(Pénible de lire sur l'écran. J'ai raccourci ce copié-collé d'Août 1976.)
... Depuis une semaine, le doute me bouffe. Depuis une semaine, j'interroge chaque matin l'arbre de l'autre côté de la fenêtre : Quoi de neuf aujourd'hui ? Et chaque matin les feuilles me répondent :Tout ! En route, on a besoin de toi...
Il y a presque un mois, Ethève m'a téléphoné de St Philippe. Ou plutôt, c'est le commerçant qui m'a transmis qu'Ethève voulait castrer son taureau-charrette.[...] Cette bête lui avait écrasé le pied par mégarde, et Firmin Ethève avait la rancune émasculante !
C'est loin, St Philippe, et le client habite plus haut, sur les pentes du volcan. On avait pris rendez-vous dans quelques jours à la boutique. [...] Mais surchargé de boulot, j'ai reporté la veille par téléphone à deux ou trois reprises. Alors la semaine dernière, on s'était entendu pour le lendemain vers 17h-17h30...
En fin d'après-midi, je suis arrivé au petit magasin. Ethève et son taureau étaient là depuis 5 h le matin. Erreur de translation horaire ? Descendus des hauts à pied, l'homme et sa bête m'avaient attendu toute la journée , l'un attaché au mur, l'autre au comptoir de la boutique. P'tit rhum après l'autre, Ethève, bien mûr, plastronnait parmi d'autres gens pas plus frais que lui [...]
Dans un coin, le taureau de 7-800 kg m'a jeté un coup d'oeil digne et consterné.
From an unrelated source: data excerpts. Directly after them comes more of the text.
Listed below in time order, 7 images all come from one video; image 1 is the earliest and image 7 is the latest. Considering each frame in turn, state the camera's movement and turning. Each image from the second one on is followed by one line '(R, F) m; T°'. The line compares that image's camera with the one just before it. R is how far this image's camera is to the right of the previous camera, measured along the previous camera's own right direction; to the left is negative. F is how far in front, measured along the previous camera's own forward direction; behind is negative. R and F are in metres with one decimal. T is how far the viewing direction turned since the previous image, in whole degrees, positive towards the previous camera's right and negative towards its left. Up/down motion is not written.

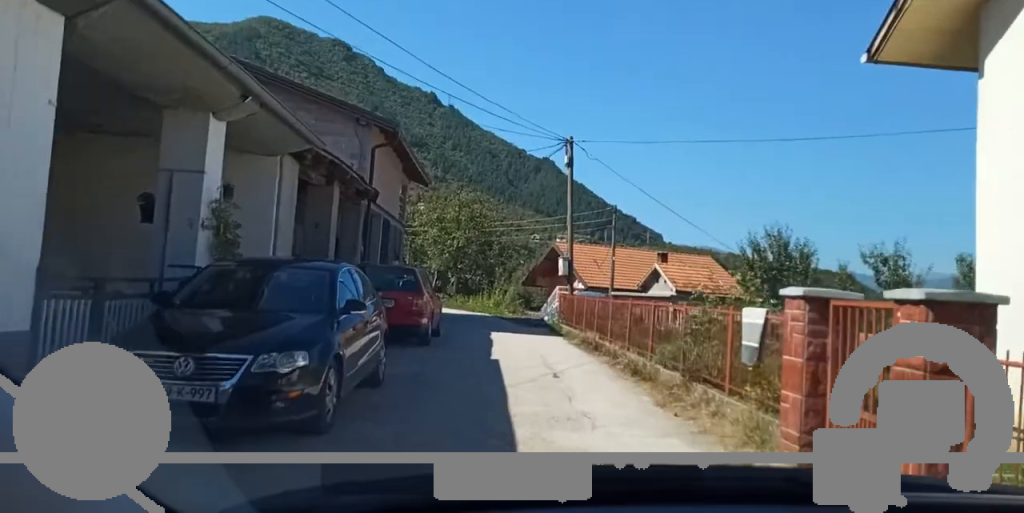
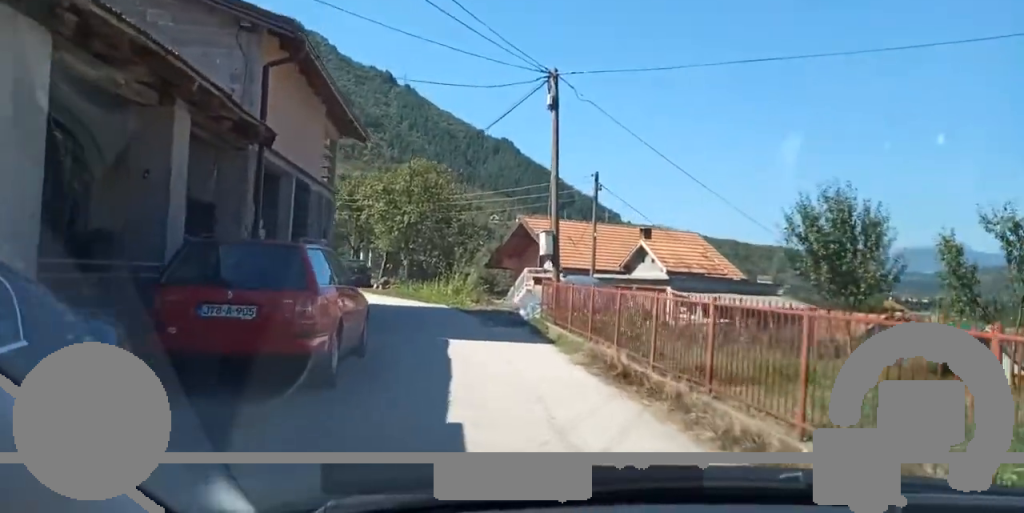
(-0.1, +4.7) m; -1°
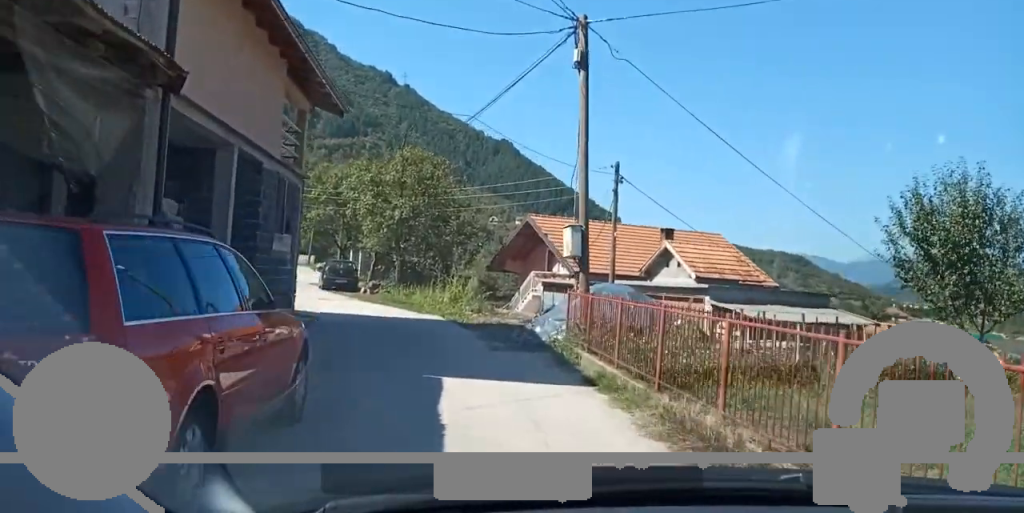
(0.0, +3.2) m; -1°
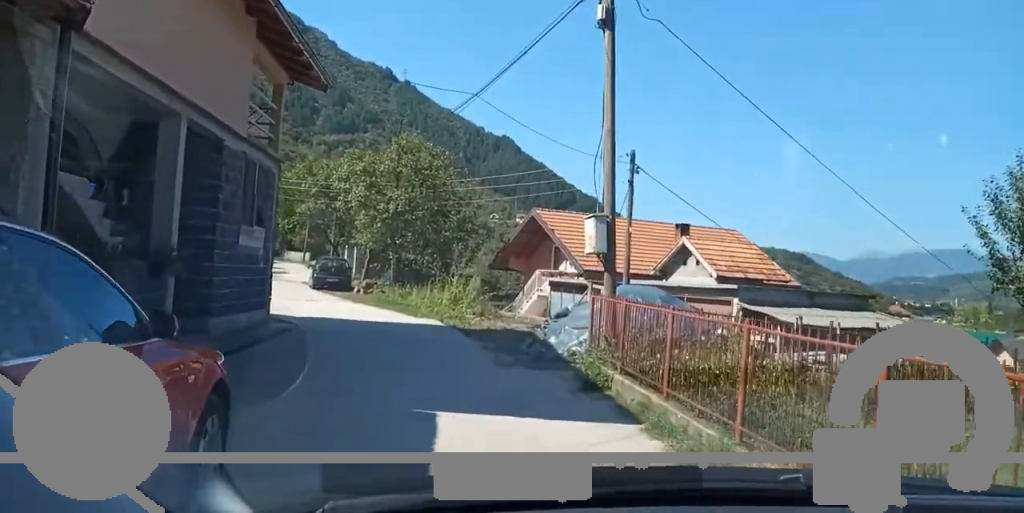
(0.0, +1.9) m; -1°
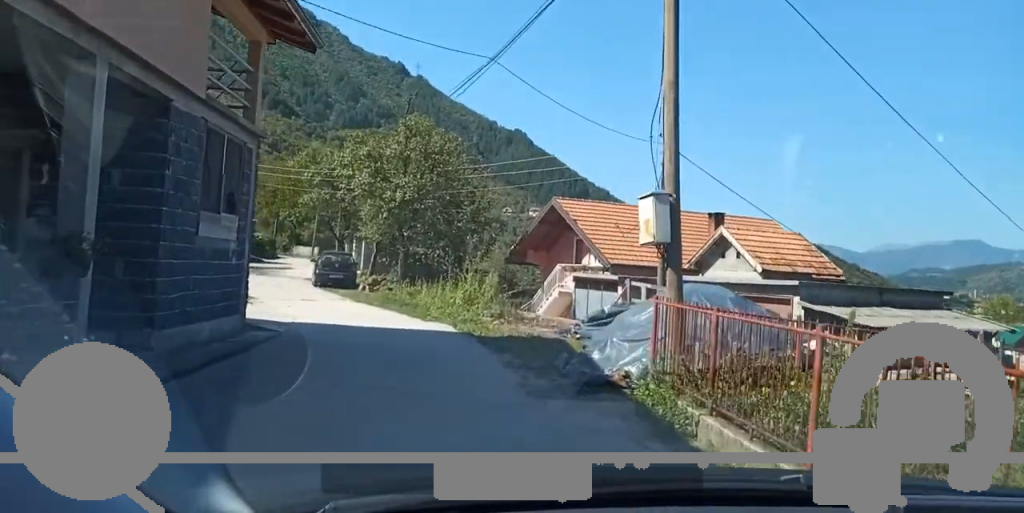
(0.0, +2.5) m; -1°
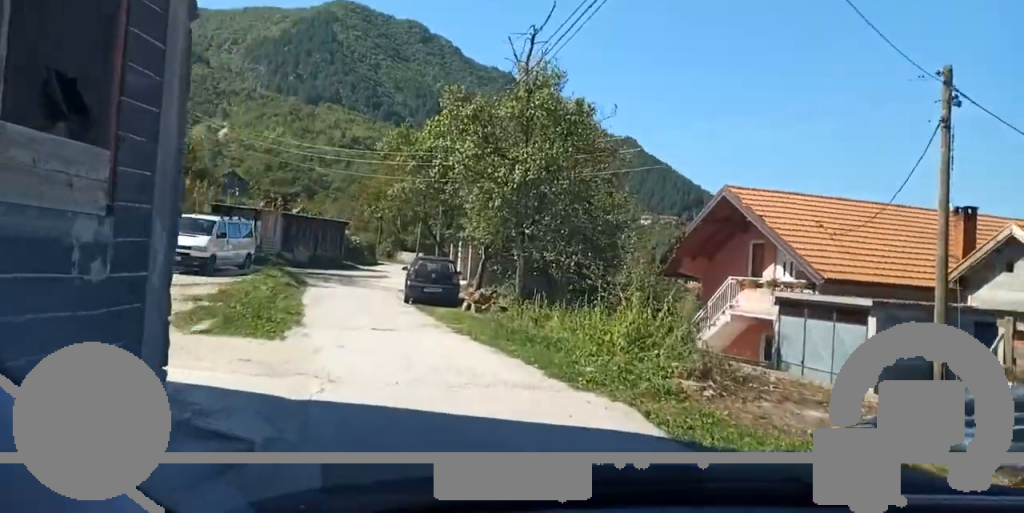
(0.0, +7.7) m; -2°
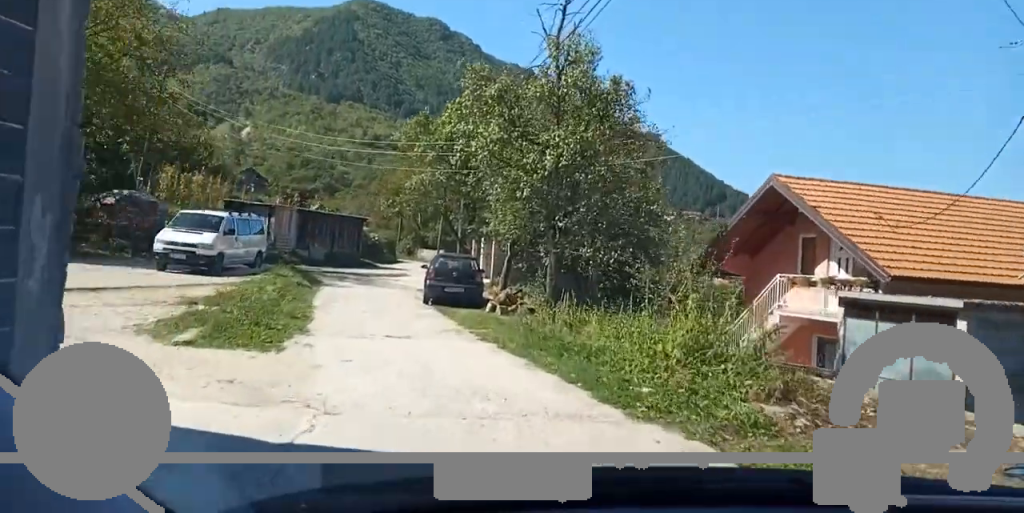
(+0.1, +1.7) m; -2°

Castrer un taureau à la pince est plutôt facile. Pas de bistouri, pas de sang, pas d'anesthésie car l'intervention est moins douloureuse que de poser une boucle d'identification à l'oreille. [Je passe sur la technique] Deux conditions indispensables : Une corde en huit aux jarrets par sécurité personnelle. Et fixer la tête immobile contre un arbre ou un poteau : Tête bloquée, l'animal est obnubilé, paralysé pendant les quelques minutes suffisantes. J'ai une centaine de castrations à mon actif...
Près de la boutique, un poteau téléphonique s'offre à l'emploi, mais l'alcool aidant, Ethève refuse mon protocole : Il tiendra lui-même la tête de son taureau , annonce-t-il alentour. J'insiste : Il faut absolument fixer les cornes au poteau, mais Ethève refuse, prend le public à témoin, le ton monte... Et il amène le taureau au poteau contre lequel il s'est adossé en tenant l'animal par le fer du nez dans une posture bravache.
Bon, d'accord ! D'ailleurs le jour tombe, il se met à pleuvoir, et j'n'ai pas envie de discuter. Je passe une corde autour des jarrets et confie le bout à un aide. Le taureau reste calme. Je compte procèder prudemment jusqu'au moment où il bougera un peu, afin qu'Ethève comprenne la règle du jeu... J'ajuste et serre la pince doucement. Silence général ! Alors, comme prévu l'animal a fléchi un peu des jarrets, mais on a tous entendu le craquement... Stupeur ! Ethève était coincé entre le poteau du téléphone et le front de la grosse bête qui, comme assoupi, pesait de plus en plus contre lui ! Il m'a fallut un moment pour tout lâcher et boxer les naseaux du taureau qui s'est immédiatement "réveillé" et m'a suivi sans piper.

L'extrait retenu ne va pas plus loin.